The design and cryptanalysis of post-quantum cryptographic signature schemes are major challenges for modern cryptography. This thesis examines some signature schemes based on multivariate cryptography and their cryptanalysis. We focus on the Unbalanced Oil and Vinegar (UOV) digital signature scheme and its variants. UOV is to date the most robust multivariate signature scheme, while also achieving the shortest signatures among post-quantum algorithms. Geometrically, the UOV trapdoor is a linear subspace of large dimension included in the algebraic set defined by the public key equations.

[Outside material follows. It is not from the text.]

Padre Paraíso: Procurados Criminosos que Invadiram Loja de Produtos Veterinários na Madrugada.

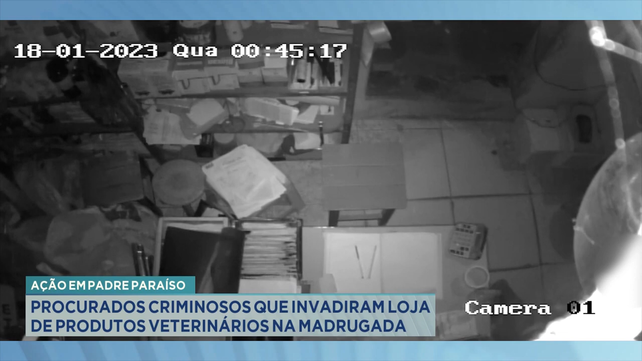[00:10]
Está vendo ali? 45 e 10. Significa meia-noite e 45. Já era quarta-feira. O caso aconteceu em Padre Paraíso.
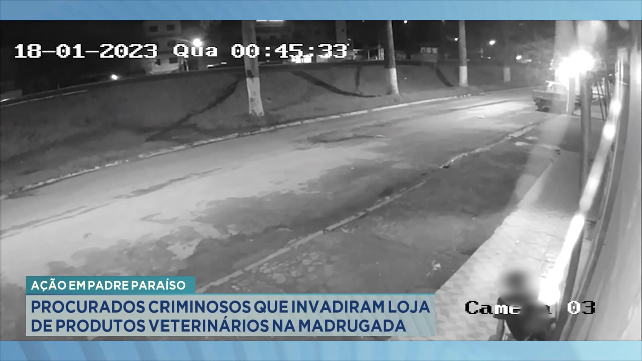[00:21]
É, a polícia continua procurando os criminosos, né? É, o detalhe, né, é que um deles entrou na empresa enquanto o outro ficou do lado de fora à espera do parceiro, né? Deixa eu chamar o Fantoni Pesso. Ué, Fantoni. Ali é o momento que ele tá entrando, né? E ficou um esperando lá de fora?

Our approach is geometric by nature. First, we prove that, given a single vector in the secret trapdoor, the key recovery problem can be solved in polynomial time. Next, following previous work by Beullens, Castryck and Luyten, we show that the algebraic varieties defined by UOV polynomials are singular, and provide a lower bound on the dimension of the intersection of the singular locus with the secret subspace. This body of results, combined with extra geometric properties, allows us to identify weaknesses in UOV variants submitted to NIST, such as the ^+ structure and VOX. We also leverage subfield structure to obtain a practical cryptanalysis of VOX parameters submitted to NIST.
All these contributions come with open source implementations, some of them yielding attacks that can be run in a few seconds on some standard commercial laptop.